The report also pointed to distractions Fosterburg Fire Protection District Chief John Holtorf faced at the scene. Holtorf reportedly was not performing incident command duties during the fire because he was training a probationary firefighter on engineering duty and was occupied with trying to resolve a water pressure issue.


“While attempting to solve lack of water due to fire hydrant not being fully opened, (Holtorf) then needed to devote additional time and thought to which departments/districts could provide tender and mutual aid,” the report states, according to the Telegraph. “This led to an additional mental distraction away from remaining situationally aware of potential hazards.”

After Godfrey crews arrived, firefighters, including Ringering, began cutting a garage door that led to the basement where the flames had spread, according to the report.

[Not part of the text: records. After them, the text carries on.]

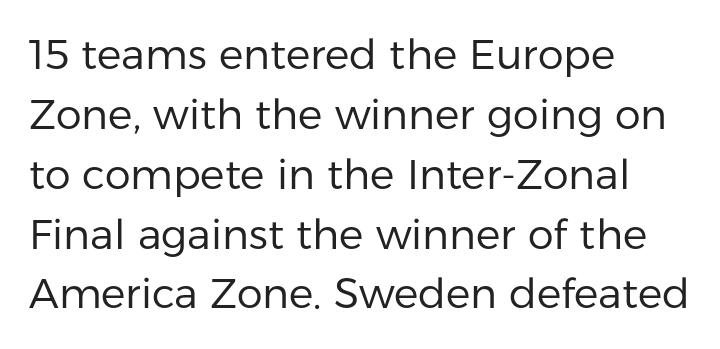
{"serif": "no", "italic": "no", "bold": "no", "weight": "regular", "width": "normal", "stroke_contrast": "low", "x_height": "medium", "monospaced": "no", "underline": "no", "align": "left", "line_spacing": "normal", "line_spacing_ratio": 1.46, "letter_spacing": "normal", "letter_spacing_em": 0.0, "glyph_px": 41}
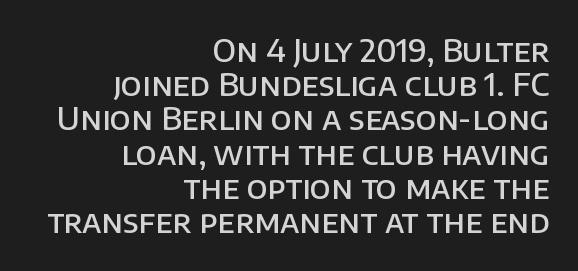
Q: Is the text bold? A: Semi-bold.
Q: Is the text italic (slanted)? A: No, it is upright.
Q: Is the typeface a serif or a sans-serif typeface? A: Sans-serif.
Q: Is the text underlined? A: No.
Q: How is the paragraph aligned? A: Right-aligned.
Q: Is the spacing between letters normal or unusually wide? A: Normal.
Q: Is the spacing between lines tight, normal or loose? A: Tight.
Q: Width (condensed, normal, or wide)? A: Normal.
Q: Stroke contrast? A: Low.
Q: x-height? A: Large.
Q: Monospaced? A: No.
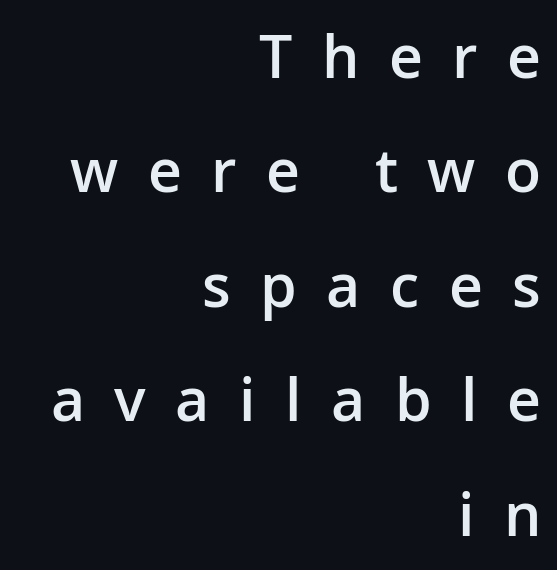
The image shows 59 px semibold sans-serif type, upright; set right-aligned, loose line spacing (1.94x), unusually wide letter spacing (+0.5 em), not underlined; low stroke contrast and a medium x-height.
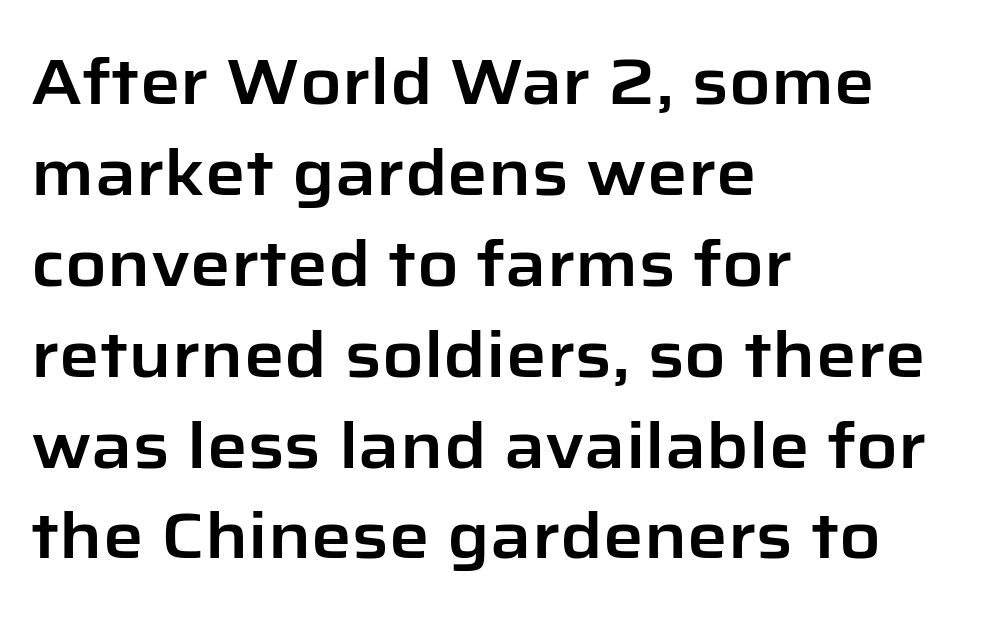
The image shows 64 px sans-serif type, upright; set left-aligned, normal line spacing (1.42x), normal letter spacing, not underlined; low stroke contrast and a medium x-height.
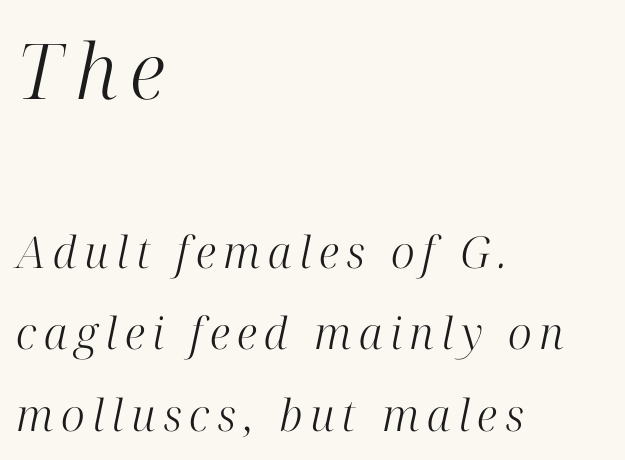
{"serif": "yes", "italic": "yes", "lean": "right", "slant_degrees": 12, "bold": "no", "weight": "light", "width": "normal", "stroke_contrast": "high", "x_height": "medium", "monospaced": "no", "underline": "no", "align": "left", "line_spacing_ratio": 1.85, "larger_block": "first", "size_ratio": 1.75, "glyph_px": 77}
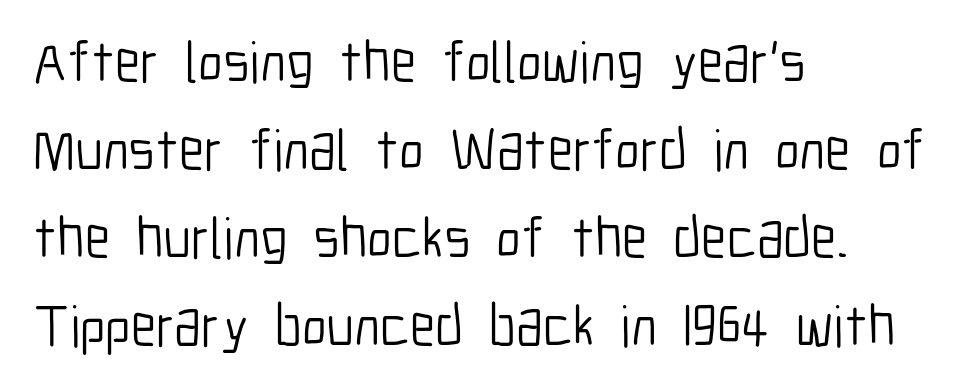
Stroke mass is kept to a normal reading level or below. Anything drawn beneath the words? Only blank space. This rendering uses left alignment, leaving the right contour irregular. In terms of letterspacing, this is plain default setting.
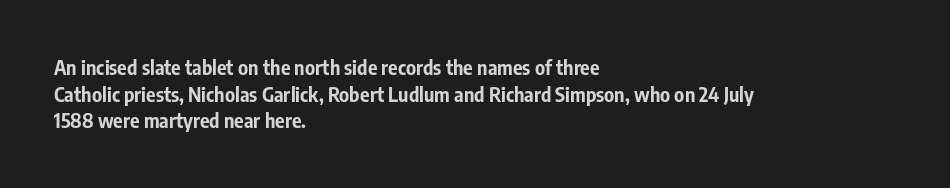
The typography opts for an upright posture over an oblique one. A classic flush-left, rag-right setting is used for this passage. Words appear dense and cohesive because spacing is normal. A full-strength bold gives these letters their thick strokes. Rule under the text: the space is simply empty.
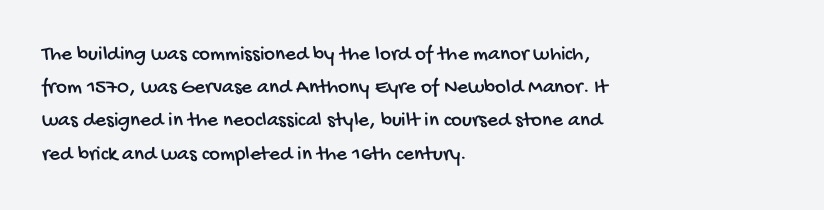
Q: Is the text underlined? A: No.
Q: How is the paragraph aligned? A: Left-aligned.
Q: Is the spacing between letters normal or unusually wide? A: Normal.
Q: Is the spacing between lines tight, normal or loose? A: Normal.
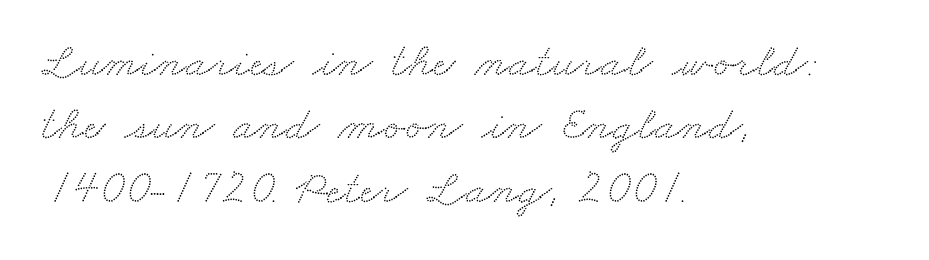
{"serif": "yes", "width": "wide", "stroke_contrast": "medium", "x_height": "small", "monospaced": "no", "underline": "no", "align": "left", "line_spacing": "normal", "line_spacing_ratio": 1.32, "letter_spacing": "normal", "letter_spacing_em": 0.0, "glyph_px": 48}

The door was beneath the 21-foot wall, and the report says crews should have gone through an unlocked standard instead. 

“If FF (firefighters) were on the side of structure less debris would have impacted FF and potentially could have saved a life and lessening injuries,” the report states, according to the Telegraph.

The report recommended that fire departments review risk analysis policies and procedures. An incident report by the Illinois State Fire Marshal's Office hasn't been completed, the Telegraph added.

The OSHA report was made available to The Telegraph this week in response to a Freedom of Information Act request. The Illinois State Fire Marshal’s Office has not yet completed its report on the incident.